Calling Time On Gang Crime With Phone Apps Course

Mobile Phone Apps‌National social business, Catch22, has over 200 years’ worth of experience in providing services to help people in tough situations to turn their lives around, enabling them to gain new skills and make a positive contribution to society.

Today (Friday January 25) Catch22’s Dawes Unit, based in Red Lion Street, Wolverhampton, will launch the App Entrepreneur Programme (for Android devices); a free training programme teaching its students everything they need to know about creating and marketing new mobile phone applications, or apps.

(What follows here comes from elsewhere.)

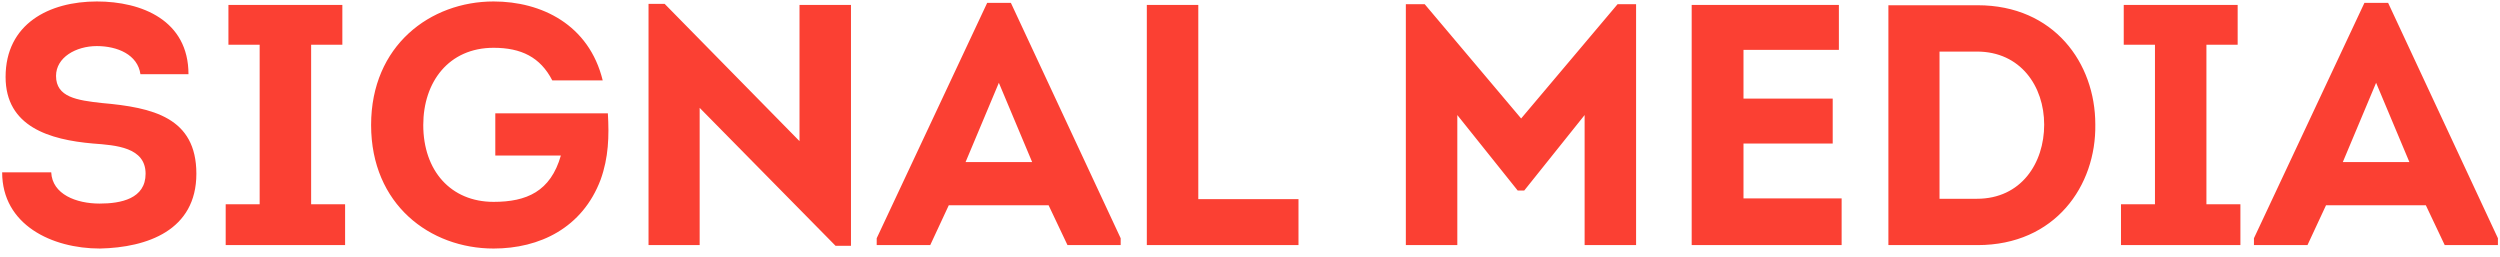 <svg width="204" height="21" viewBox="0 0 204 21" fill="none" xmlns="http://www.w3.org/2000/svg">
<path d="M0.176 14.064C0.176 18.348 4.236 20.28 8.156 20.28C12.02 20.196 16.024 18.796 16.024 14.176C16.024 9.584 12.468 8.772 8.324 8.408C6.28 8.184 4.572 7.932 4.572 6.196C4.572 4.684 6.196 3.76 7.904 3.76C9.584 3.76 11.236 4.46 11.46 6.056H15.38C15.38 1.66 11.572 0.12 7.904 0.12C4.012 0.12 0.456 1.94 0.456 6.28C0.456 10.34 4.04 11.404 7.596 11.712C9.472 11.852 11.88 12.02 11.88 14.176C11.88 16.22 9.864 16.612 8.128 16.612C6.224 16.612 4.264 15.856 4.18 14.064H0.176ZM25.388 16.668V3.648H27.936V0.4H18.64V3.648H21.188V16.668H18.416V20H28.16V16.668H25.388ZM30.282 10.2C30.282 16.696 35.097 20.28 40.278 20.28C44.029 20.28 47.529 18.6 49.014 14.652C49.657 12.86 49.714 11.124 49.602 9.248H40.417V12.692H45.766C44.925 15.632 42.965 16.472 40.278 16.472C36.778 16.472 34.538 13.924 34.538 10.2C34.538 6.7 36.609 3.9 40.278 3.9C42.517 3.9 44.086 4.656 45.066 6.56H49.181C48.062 1.996 44.169 0.12 40.278 0.12C35.126 0.12 30.282 3.704 30.282 10.2ZM68.18 20.056H69.44V0.4H65.24V11.516L54.236 0.316H52.92V20H57.092V8.8L68.18 20.056ZM85.567 16.752L87.107 20H91.447V19.44L82.487 0.232H80.555L71.539 19.44V20H75.907L77.419 16.752H85.567ZM81.507 6.756L84.223 13.224H78.791L81.507 6.756ZM97.781 0.4H93.581V20H105.957V16.248H97.781V0.4ZM124.125 9.668L116.257 0.344H114.717V20H118.917V9.388L123.845 15.548H124.377L129.305 9.388V20H133.505V0.344H131.993L124.125 9.668ZM150.053 0.4H138.041V20H150.277V16.192H142.269V11.712H149.549V8.044H142.269V4.068H150.053V0.4ZM154.093 0.428V20H161.373C167.701 20 171.061 15.156 170.977 10.144C170.977 5.16 167.617 0.428 161.373 0.428H154.093ZM158.265 16.22V4.208H161.317C164.873 4.208 166.805 7.036 166.805 10.172C166.805 13.308 164.929 16.22 161.317 16.22H158.265ZM180.044 16.668V3.648H182.593V0.4H173.297V3.648H175.845V16.668H173.073V20H182.817V16.668H180.044ZM197.95 16.752L199.49 20H203.83V19.44L194.87 0.232H192.938L183.922 19.44V20H188.29L189.802 16.752H197.95ZM193.89 6.756L196.606 13.224H191.174L193.89 6.756Z" fill="#FB4033"/>
</svg>

More than 50 people – including current and former gang members, people at risk of gang involvement and those living in high crime areas – will attend the one-day event, beginning at 11am, held at the University of Wolverhampton, to pitch their phone app ideas to a team of experts.

Those with the best ideas will be asked to create an app development team of two to four people. One member from each team will then attend a free 90 hour course, taught part time over four months, teaching them and their team how to develop and market their app to commercial mobile phone companies.

The course will be taught and backed by technical and support staff from the University of Wolverhampton and the University of Derby, with marketing advice to course attendees coming from business consultancy Sweda of West Bromwich.

Those taking part in the course must be aged 16 to 30, able to commit to completing the course, be unemployed or working less than 16 hours a week and live in the Wolverhampton area.

Matthew Gordon, Project Worker for Catch22, said: “This will be a professionally delivered course, teaching the latest development and marketing techniques concerning mobile phone app technology.

“By the end of this course we hope the teams involved will have developed a marketable phone app from their original idea, ready to be pitched to a mobile phone company or to be promoted as an attractive product online and through social media direct to phone users.”

Carlton McDonald is a University of Derby Computing Lecturer, specialising in website development and software engineering. He will be among the judges at Friday’s event selecting the most marketable phone app ideas to go forward and will also teach on the App Entrepreneur Programme.

He added: “Many phone users will have ideas of great apps but have no idea how to go about producing such an app.

“This course, through the vehicle of App Inventor skills, a new and innovative approach to mobile phone development, will excite and empower those attending the course to develop mobile phone apps that enable the best ideas to generate start-up companies, careers and cash.”

Natalie Latham, Student Recruitment Officer at the University of Wolverhampton, said: “We have a strong focus on innovation and entrepreneurship at the University of Wolverhampton, and this programme offers an exciting way to gain new skills in the growing field of mobile phone applications. This will also be a great opportunity for groups of young people who wouldn’t normally consider going to university, to experience a taste of higher education.”

For further information about the Catch22 App Entrepreneur Programme contact Matthew Gordon, Catch22 Project Worker, on 01902 572388 or email: matthew.gordon@catch-22.org.uk More information about Catch22 can be found on its website and on the Dawes Unit.

ENDS

For information about the University of Derby’s involvement in the App Entrepreneur Programme contact Sean Kirby, University of Derby Press and PR Officer , on 01332 591891 or email:s.kirby@derby.ac.uk.

For information on the University of Wolverhampton’s involvement contact Vickie Warren, University of Wolverhampton Media and Communications Manager, on 01902 322736 or email:v.warren@wlv.ac.uk

NOTES TO EDITOR

Catch22 is a forward looking social business with over 200 years’ experience of providing services that help people in tough situations to turn their lives around.

Its programmes help people to steer clear of crime or substance misuse, do the best they can in school or college and develop skills for work, live independently on leaving care or custody, gain new skills and confidence as parents, and play a full part in their community.

n 2011/12 it worked directly with 34,000 young people, families and adult offenders in 150 localities, supporting a further 49,000 young people through national partnership programmes.

Asked what difference Catch22 had made in 2011/12, nearly 93% of the people it supported who responded said they now had hope for the future, 86% had gained in confidence and felt they had more control over their lives, and 83% had achieved more than they expected.